Extracted data entries
▶

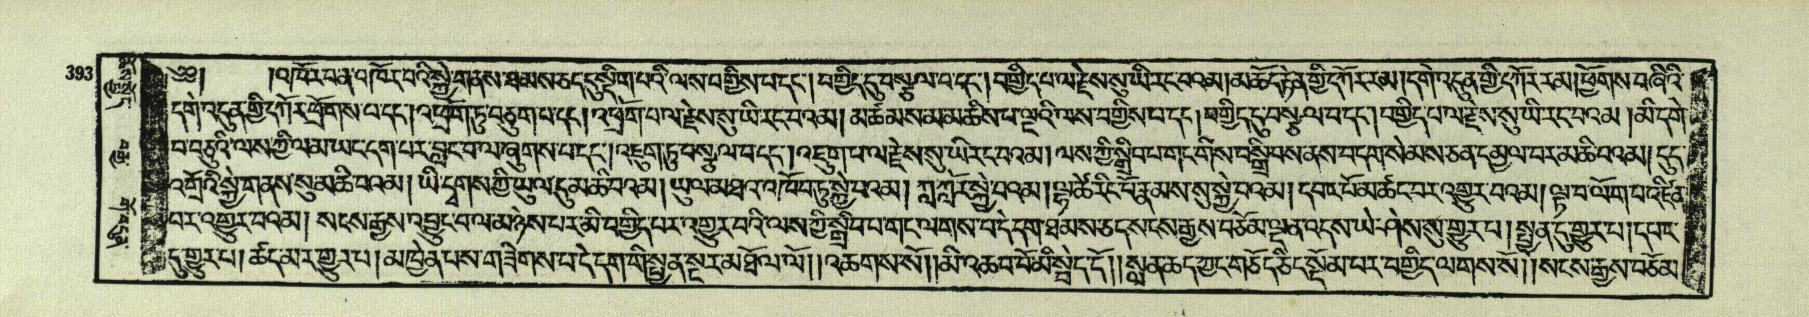༄༅། །འཁོར་བ་ན་འཁོར་བའི་སྐྱེ་གནས་ཐམས་ཅད་དུ་སྡིག་པའི་ལས་བགྱིས་པ་དང་།བགྱིད་དུ་བསྩལ་བ་དང་།བགྱིད་པ་ལ་རྗེས་སུ་ཡི་རང་བའམ། མཆོད་རྟེན་གྱི་དཀོར་རམ། དགེ་འདུན་གྱི་དཀོར་རམ། ཕྱོགས་བཞིའི་
དགེ་འདུན་གྱི་དཀོར་ཕྲོགས་པ་དང་། འཕྲོག་ཏུ་བཅུག་པ་དང་།འཕྲོག་པ་ལ་རྗེས་སུ་ཡི་རང་བའམ། མཚམས་མ་མཆིས་པ་ལྔའི་ལས་བགྱིས་པ་དང་། བགྱིད་དུ་བསྩལ་བ་དང་།བགྱིད་པ་ལ་རྗེས་སུ་ཡི་རང་བའམ། མི་དགེ་
བ་བཅུའི་ལས་ཀྱི་ལམ་ཡང་དག་པར་བླང་བ་ལ་ཞུགས་པ་དང་། འཇུག་ཏུ་བསྩལ་བ་དང་། འཇུག་པ་ལ་རྗེས་སུ་ཡི་རང་བའམ། ལས་ཀྱི་སྒྲིབ་པ་གང་གིས་བསྒྲིབས་ནས་བདག་སེམས་ཅན་དམྱལ་བར་མཆི་བའམ། དུད་
འགྲོའི་སྐྱེ་གནས་སུ་མཆི་བའམ། ཡི་དྭགས་ཀྱི་ཡུལ་དུ་མཆི་བའམ། ཡུལ་མཐའ་འཁོབ་ཏུ་སྐྱེ་བའམ། ཀླ་ཀློར་སྐྱེ་བའམ། ལྷ་ཚེ་རིང་པོ་རྣམས་སུ་སྐྱེ་བའམ། དབང་པོ་མ་ཚང་བར་འགྱུར་བའམ། ལྟ་བ་ལོག་པ་འཛིན་
པར་འགྱུར་བའམ། སངས་རྒྱས་འབྱུང་བ་ལ་མཉེས་པར་མི་བགྱིད་པར་འགྱུར་བའི་ལས་ཀྱི་སྒྲིབ་པ་གང་ལགས་པ་དེ་དག་ཐམས་ཅད་སངས་རྒྱས་བཅོམ་ལྡན་འདས་ཡེ་ཤེས་སུ་གྱུར་པ། སྤྱན་དུ་གྱུར་པ། དཔང་
དུ་གྱུར་པ། ཚད་མར་གྱུར་པ། མཁྱེན་པས་གཟིགས་པ་དེ་དག་གི་སྤྱན་སྔར་མཐོལ་ལོ། །འཆགས་སོ། །མི་འཆབ་པོ་མི་སྦེད་དོ། །སླན་ཆད་ཀྱང་གཅོད་ཅིང་སྡོམ་པར་བགྱིད་ལགས་སོ། །སངས་རྒྱས་བཅོམ་

◀

* WHAT THE TASK ASKS *
Each word of the data should be repeated exactly, and the pictures left out.

* TASK SOLUTION *
༄༅། །འཁོར་བ་ན་འཁོར་བའི་སྐྱེ་གནས་ཐམས་ཅད་དུ་སྡིག་པའི་ལས་བགྱིས་པ་དང་།བགྱིད་དུ་བསྩལ་བ་དང་།བགྱིད་པ་ལ་རྗེས་སུ་ཡི་རང་བའམ། མཆོད་རྟེན་གྱི་དཀོར་རམ། དགེ་འདུན་གྱི་དཀོར་རམ། ཕྱོགས་བཞིའི་
དགེ་འདུན་གྱི་དཀོར་ཕྲོགས་པ་དང་། འཕྲོག་ཏུ་བཅུག་པ་དང་།འཕྲོག་པ་ལ་རྗེས་སུ་ཡི་རང་བའམ། མཚམས་མ་མཆིས་པ་ལྔའི་ལས་བགྱིས་པ་དང་། བགྱིད་དུ་བསྩལ་བ་དང་།བགྱིད་པ་ལ་རྗེས་སུ་ཡི་རང་བའམ། མི་དགེ་
བ་བཅུའི་ལས་ཀྱི་ལམ་ཡང་དག་པར་བླང་བ་ལ་ཞུགས་པ་དང་། འཇུག་ཏུ་བསྩལ་བ་དང་། འཇུག་པ་ལ་རྗེས་སུ་ཡི་རང་བའམ། ལས་ཀྱི་སྒྲིབ་པ་གང་གིས་བསྒྲིབས་ནས་བདག་སེམས་ཅན་དམྱལ་བར་མཆི་བའམ། དུད་
འགྲོའི་སྐྱེ་གནས་སུ་མཆི་བའམ། ཡི་དྭགས་ཀྱི་ཡུལ་དུ་མཆི་བའམ། ཡུལ་མཐའ་འཁོབ་ཏུ་སྐྱེ་བའམ། ཀླ་ཀློར་སྐྱེ་བའམ། ལྷ་ཚེ་རིང་པོ་རྣམས་སུ་སྐྱེ་བའམ། དབང་པོ་མ་ཚང་བར་འགྱུར་བའམ། ལྟ་བ་ལོག་པ་འཛིན་
པར་འགྱུར་བའམ། སངས་རྒྱས་འབྱུང་བ་ལ་མཉེས་པར་མི་བགྱིད་པར་འགྱུར་བའི་ལས་ཀྱི་སྒྲིབ་པ་གང་ལགས་པ་དེ་དག་ཐམས་ཅད་སངས་རྒྱས་བཅོམ་ལྡན་འདས་ཡེ་ཤེས་སུ་གྱུར་པ། སྤྱན་དུ་གྱུར་པ། དཔང་
དུ་གྱུར་པ། ཚད་མར་གྱུར་པ། མཁྱེན་པས་གཟིགས་པ་དེ་དག་གི་སྤྱན་སྔར་མཐོལ་ལོ། །འཆགས་སོ། །མི་འཆབ་པོ་མི་སྦེད་དོ། །སླན་ཆད་ཀྱང་གཅོད་ཅིང་སྡོམ་པར་བགྱིད་ལགས་སོ། །སངས་རྒྱས་བཅོམ་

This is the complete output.